■ **WORK ORDER**: Return, word for word, only the lines of the data below that lie between the line with "A CAD part, left-side" and the line with "#682 = VERTEX_POINT ( 'NONE', #1643 ) ;", those two lines included.
(Beginning of SUPPLIED INFORMATION)
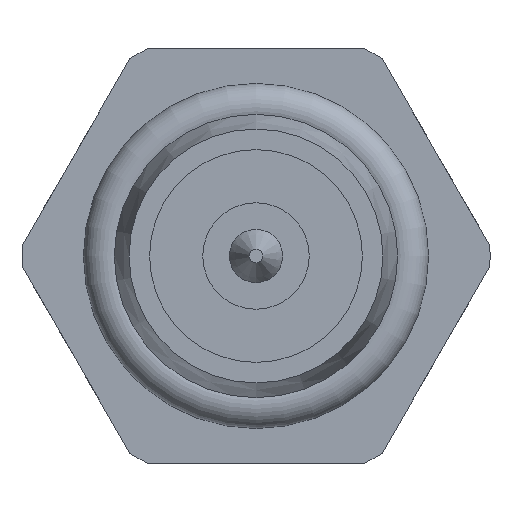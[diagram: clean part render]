
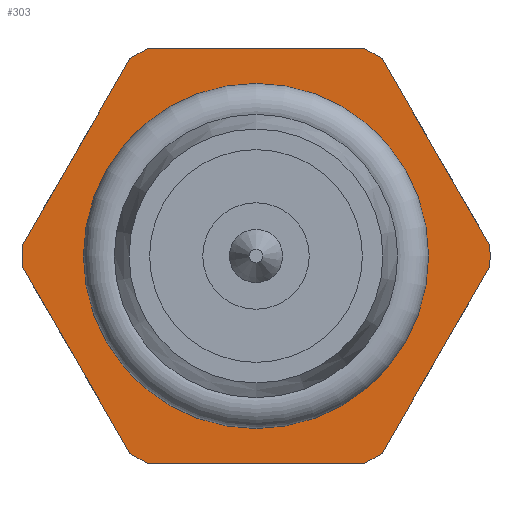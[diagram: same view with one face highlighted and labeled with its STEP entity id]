
A CAD part, left-side view. The second image highlights one B-rep face of the part: STEP entity #303.
In plain terms, the highlighted planar face has unit normal (-1, 0, 0).
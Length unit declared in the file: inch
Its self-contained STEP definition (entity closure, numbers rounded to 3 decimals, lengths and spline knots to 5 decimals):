
#9 = VECTOR ( 'NONE', #1419, 39.37008 ) ;
#10 = ORIENTED_EDGE ( 'NONE', *, *, #2344, .T. ) ;
#26 = CARTESIAN_POINT ( 'NONE',  ( 0.44742, 0.09483, -0.14825 ) ) ;
#71 = EDGE_CURVE ( 'NONE', #292, #202, #440, .T. ) ;
#116 = VERTEX_POINT ( 'NONE', #1031 ) ;
#124 = AXIS2_PLACEMENT_3D ( 'NONE', #180, #1313, #552 ) ;
#127 = CARTESIAN_POINT ( 'NONE',  ( 0.44742, 0.17598, 0.15625 ) ) ;
#129 = ORIENTED_EDGE ( 'NONE', *, *, #1208, .F. ) ;
#139 = CARTESIAN_POINT ( 'NONE',  ( 0.44742, -0.09483, -0.14825 ) ) ;
#146 = LINE ( 'NONE', #315, #1706 ) ;
#180 = CARTESIAN_POINT ( 'NONE',  ( 0.44742, 0., 0. ) ) ;
#189 = DIRECTION ( 'NONE',  ( -1., 0., 0. ) ) ;
#199 = VECTOR ( 'NONE', #742, 39.37008 ) ;
#201 = CIRCLE ( 'NONE', #1596, 0.17598 ) ;
#202 = VERTEX_POINT ( 'NONE', #139 ) ;
#219 = VERTEX_POINT ( 'NONE', #2080 ) ;
#292 = VERTEX_POINT ( 'NONE', #1716 ) ;
#295 = VERTEX_POINT ( 'NONE', #2322 ) ;
#303 = ADVANCED_FACE ( 'NONE', ( #1911, #1543 ), #800, .F. ) ;
#315 = CARTESIAN_POINT ( 'NONE',  ( 0.44742, 0.17931, -0.00192 ) ) ;
#335 = VERTEX_POINT ( 'NONE', #442 ) ;
#340 = LINE ( 'NONE', #2439, #199 ) ;
#379 = ORIENTED_EDGE ( 'NONE', *, *, #2202, .T. ) ;
#385 = ORIENTED_EDGE ( 'NONE', *, *, #1709, .F. ) ;
#409 = CARTESIAN_POINT ( 'NONE',  ( 0.44742, 0., 0. ) ) ;
#429 = CARTESIAN_POINT ( 'NONE',  ( 0.44742, 0.09483, 0.14825 ) ) ;
#431 = VERTEX_POINT ( 'NONE', #429 ) ;
#440 = CIRCLE ( 'NONE', #2135, 0.17598 ) ;
#442 = CARTESIAN_POINT ( 'NONE',  ( 0.44742, 0.08097, 0.15625 ) ) ;
#448 = VECTOR ( 'NONE', #1433, 39.37008 ) ;
#477 = DIRECTION ( 'NONE',  ( -1., 0., 0. ) ) ;
#479 = DIRECTION ( 'NONE',  ( 0., 0., 1. ) ) ;
#485 = AXIS2_PLACEMENT_3D ( 'NONE', #2207, #531, #1111 ) ;
#523 = CIRCLE ( 'NONE', #796, 0.17598 ) ;
#531 = DIRECTION ( 'NONE',  ( -1., 0., 0. ) ) ;
#549 = EDGE_CURVE ( 'NONE', #2037, #202, #702, .T. ) ;
#552 = DIRECTION ( 'NONE',  ( 0., 0., 1. ) ) ;
#650 = CARTESIAN_POINT ( 'NONE',  ( 0.44742, 0., 0. ) ) ;
#669 = EDGE_CURVE ( 'NONE', #335, #715, #843, .T. ) ;
#682 = VERTEX_POINT ( 'NONE', #1643 ) ;
#684 = AXIS2_PLACEMENT_3D ( 'NONE', #1558, #1923, #1582 ) ;
#699 = EDGE_CURVE ( 'NONE', #682, #715, #201, .T. ) ;
#702 = LINE ( 'NONE', #1015, #448 ) ;
#710 = LINE ( 'NONE', #889, #1865 ) ;
#715 = VERTEX_POINT ( 'NONE', #1040 ) ;
#742 = DIRECTION ( 'NONE',  ( 0., 1., 0. ) ) ;
#751 = DIRECTION ( 'NONE',  ( 0., 0., 1. ) ) ;
#796 = AXIS2_PLACEMENT_3D ( 'NONE', #650, #477, #1794 ) ;
#800 = PLANE ( 'NONE',  #684 ) ;
#830 = CIRCLE ( 'NONE', #1143, 0.17598 ) ;
#842 = EDGE_CURVE ( 'NONE', #2037, #295, #830, .T. ) ;
#843 = LINE ( 'NONE', #127, #9 ) ;
#871 = VECTOR ( 'NONE', #2238, 39.37008 ) ;
#889 = CARTESIAN_POINT ( 'NONE',  ( 0.44742, -0.09132, 0.15433 ) ) ;
#941 = ORIENTED_EDGE ( 'NONE', *, *, #2390, .F. ) ;
#958 = VERTEX_POINT ( 'NONE', #1730 ) ;
#976 = VERTEX_POINT ( 'NONE', #1368 ) ;
#1015 = CARTESIAN_POINT ( 'NONE',  ( 0.44742, -0.09132, -0.15433 ) ) ;
#1031 = CARTESIAN_POINT ( 'NONE',  ( 0.44742, 0.08097, -0.15625 ) ) ;
#1040 = CARTESIAN_POINT ( 'NONE',  ( 0.44742, -0.08097, 0.15625 ) ) ;
#1101 = EDGE_LOOP ( 'NONE', ( #2148, #10, #941, #2351, #2287, #2221, #1812, #1475, #2361, #2292, #385, #379 ) ) ;
#1105 = LINE ( 'NONE', #2391, #871 ) ;
#1111 = DIRECTION ( 'NONE',  ( 0., 0., 1. ) ) ;
#1143 = AXIS2_PLACEMENT_3D ( 'NONE', #409, #189, #751 ) ;
#1182 = DIRECTION ( 'NONE',  ( -1., 0., 0. ) ) ;
#1208 = EDGE_CURVE ( 'NONE', #219, #219, #1897, .T. ) ;
#1230 = CIRCLE ( 'NONE', #485, 0.17598 ) ;
#1241 = EDGE_CURVE ( 'NONE', #335, #431, #523, .T. ) ;
#1277 = DIRECTION ( 'NONE',  ( 0., -0.5, -0.866 ) ) ;
#1313 = DIRECTION ( 'NONE',  ( -1., 0., 0. ) ) ;
#1343 = CARTESIAN_POINT ( 'NONE',  ( 0.44742, 0., 0. ) ) ;
#1344 = EDGE_CURVE ( 'NONE', #1507, #976, #146, .T. ) ;
#1357 = DIRECTION ( 'NONE',  ( 0., 0., 1. ) ) ;
#1368 = CARTESIAN_POINT ( 'NONE',  ( 0.44742, 0.1758, -0.008 ) ) ;
#1386 = AXIS2_PLACEMENT_3D ( 'NONE', #1404, #2195, #1945 ) ;
#1404 = CARTESIAN_POINT ( 'NONE',  ( 0.44742, 0., 0. ) ) ;
#1419 = DIRECTION ( 'NONE',  ( 0., -1., 0. ) ) ;
#1433 = DIRECTION ( 'NONE',  ( 0., 0.5, -0.866 ) ) ;
#1475 = ORIENTED_EDGE ( 'NONE', *, *, #699, .T. ) ;
#1507 = VERTEX_POINT ( 'NONE', #26 ) ;
#1543 = FACE_OUTER_BOUND ( 'NONE', #1101, .T. ) ;
#1558 = CARTESIAN_POINT ( 'NONE',  ( 0.44742, 0.17598, 0. ) ) ;
#1582 = DIRECTION ( 'NONE',  ( 0., 1., 0. ) ) ;
#1596 = AXIS2_PLACEMENT_3D ( 'NONE', #2359, #2168, #479 ) ;
#1641 = DIRECTION ( 'NONE',  ( 0., 0.5, 0.866 ) ) ;
#1643 = CARTESIAN_POINT ( 'NONE',  ( 0.44742, -0.09483, 0.14825 ) ) ;
#1706 = VECTOR ( 'NONE', #1641, 39.37008 ) ;
#1709 = EDGE_CURVE ( 'NONE', #958, #431, #1105, .T. ) ;
#1716 = CARTESIAN_POINT ( 'NONE',  ( 0.44742, -0.08097, -0.15625 ) ) ;
#1730 = CARTESIAN_POINT ( 'NONE',  ( 0.44742, 0.1758, 0.008 ) ) ;
#1794 = DIRECTION ( 'NONE',  ( 0., 0., 1. ) ) ;
#1812 = ORIENTED_EDGE ( 'NONE', *, *, #2354, .F. ) ;
#1815 = EDGE_LOOP ( 'NONE', ( #129 ) ) ;
#1865 = VECTOR ( 'NONE', #1277, 39.37008 ) ;
#1897 = CIRCLE ( 'NONE', #1386, 0.125 ) ;
#1911 = FACE_BOUND ( 'NONE', #1815, .T. ) ;
#1923 = DIRECTION ( 'NONE',  ( 1., 0., 0. ) ) ;
#1945 = DIRECTION ( 'NONE',  ( 0., 0., 1. ) ) ;
#2037 = VERTEX_POINT ( 'NONE', #2196 ) ;
#2080 = CARTESIAN_POINT ( 'NONE',  ( 0.44742, 0., 0.125 ) ) ;
#2100 = CIRCLE ( 'NONE', #124, 0.17598 ) ;
#2135 = AXIS2_PLACEMENT_3D ( 'NONE', #1343, #1182, #1357 ) ;
#2148 = ORIENTED_EDGE ( 'NONE', *, *, #1344, .F. ) ;
#2168 = DIRECTION ( 'NONE',  ( -1., 0., 0. ) ) ;
#2195 = DIRECTION ( 'NONE',  ( -1., 0., 0. ) ) ;
#2196 = CARTESIAN_POINT ( 'NONE',  ( 0.44742, -0.1758, -0.008 ) ) ;
#2202 = EDGE_CURVE ( 'NONE', #958, #976, #2100, .T. ) ;
#2207 = CARTESIAN_POINT ( 'NONE',  ( 0.44742, 0., 0. ) ) ;
#2221 = ORIENTED_EDGE ( 'NONE', *, *, #842, .T. ) ;
#2238 = DIRECTION ( 'NONE',  ( 0., -0.5, 0.866 ) ) ;
#2287 = ORIENTED_EDGE ( 'NONE', *, *, #549, .F. ) ;
#2292 = ORIENTED_EDGE ( 'NONE', *, *, #1241, .T. ) ;
#2322 = CARTESIAN_POINT ( 'NONE',  ( 0.44742, -0.1758, 0.008 ) ) ;
#2344 = EDGE_CURVE ( 'NONE', #1507, #116, #1230, .T. ) ;
#2351 = ORIENTED_EDGE ( 'NONE', *, *, #71, .T. ) ;
#2354 = EDGE_CURVE ( 'NONE', #682, #295, #710, .T. ) ;
#2359 = CARTESIAN_POINT ( 'NONE',  ( 0.44742, 0., 0. ) ) ;
#2361 = ORIENTED_EDGE ( 'NONE', *, *, #669, .F. ) ;
#2390 = EDGE_CURVE ( 'NONE', #292, #116, #340, .T. ) ;
#2391 = CARTESIAN_POINT ( 'NONE',  ( 0.44742, 0.17931, 0.00192 ) ) ;
#2439 = CARTESIAN_POINT ( 'NONE',  ( 0.44742, 0.17598, -0.15625 ) ) ;
(End of SUPPLIED INFORMATION)
■ **ANSWER SPACE**:
A CAD part, left-side view. The second image highlights one B-rep face of the part: STEP entity #303.
In plain terms, the highlighted planar face has unit normal (-1, 0, 0).
Length unit declared in the file: inch
Its self-contained STEP definition (entity closure, numbers rounded to 3 decimals, lengths and spline knots to 5 decimals):
#9 = VECTOR ( 'NONE', #1419, 39.37008 ) ;
#10 = ORIENTED_EDGE ( 'NONE', *, *, #2344, .T. ) ;
#26 = CARTESIAN_POINT ( 'NONE',  ( 0.44742, 0.09483, -0.14825 ) ) ;
#71 = EDGE_CURVE ( 'NONE', #292, #202, #440, .T. ) ;
#116 = VERTEX_POINT ( 'NONE', #1031 ) ;
#124 = AXIS2_PLACEMENT_3D ( 'NONE', #180, #1313, #552 ) ;
#127 = CARTESIAN_POINT ( 'NONE',  ( 0.44742, 0.17598, 0.15625 ) ) ;
#129 = ORIENTED_EDGE ( 'NONE', *, *, #1208, .F. ) ;
#139 = CARTESIAN_POINT ( 'NONE',  ( 0.44742, -0.09483, -0.14825 ) ) ;
#146 = LINE ( 'NONE', #315, #1706 ) ;
#180 = CARTESIAN_POINT ( 'NONE',  ( 0.44742, 0., 0. ) ) ;
#189 = DIRECTION ( 'NONE',  ( -1., 0., 0. ) ) ;
#199 = VECTOR ( 'NONE', #742, 39.37008 ) ;
#201 = CIRCLE ( 'NONE', #1596, 0.17598 ) ;
#202 = VERTEX_POINT ( 'NONE', #139 ) ;
#219 = VERTEX_POINT ( 'NONE', #2080 ) ;
#292 = VERTEX_POINT ( 'NONE', #1716 ) ;
#295 = VERTEX_POINT ( 'NONE', #2322 ) ;
#303 = ADVANCED_FACE ( 'NONE', ( #1911, #1543 ), #800, .F. ) ;
#315 = CARTESIAN_POINT ( 'NONE',  ( 0.44742, 0.17931, -0.00192 ) ) ;
#335 = VERTEX_POINT ( 'NONE', #442 ) ;
#340 = LINE ( 'NONE', #2439, #199 ) ;
#379 = ORIENTED_EDGE ( 'NONE', *, *, #2202, .T. ) ;
#385 = ORIENTED_EDGE ( 'NONE', *, *, #1709, .F. ) ;
#409 = CARTESIAN_POINT ( 'NONE',  ( 0.44742, 0., 0. ) ) ;
#429 = CARTESIAN_POINT ( 'NONE',  ( 0.44742, 0.09483, 0.14825 ) ) ;
#431 = VERTEX_POINT ( 'NONE', #429 ) ;
#440 = CIRCLE ( 'NONE', #2135, 0.17598 ) ;
#442 = CARTESIAN_POINT ( 'NONE',  ( 0.44742, 0.08097, 0.15625 ) ) ;
#448 = VECTOR ( 'NONE', #1433, 39.37008 ) ;
#477 = DIRECTION ( 'NONE',  ( -1., 0., 0. ) ) ;
#479 = DIRECTION ( 'NONE',  ( 0., 0., 1. ) ) ;
#485 = AXIS2_PLACEMENT_3D ( 'NONE', #2207, #531, #1111 ) ;
#523 = CIRCLE ( 'NONE', #796, 0.17598 ) ;
#531 = DIRECTION ( 'NONE',  ( -1., 0., 0. ) ) ;
#549 = EDGE_CURVE ( 'NONE', #2037, #202, #702, .T. ) ;
#552 = DIRECTION ( 'NONE',  ( 0., 0., 1. ) ) ;
#650 = CARTESIAN_POINT ( 'NONE',  ( 0.44742, 0., 0. ) ) ;
#669 = EDGE_CURVE ( 'NONE', #335, #715, #843, .T. ) ;
#682 = VERTEX_POINT ( 'NONE', #1643 ) ;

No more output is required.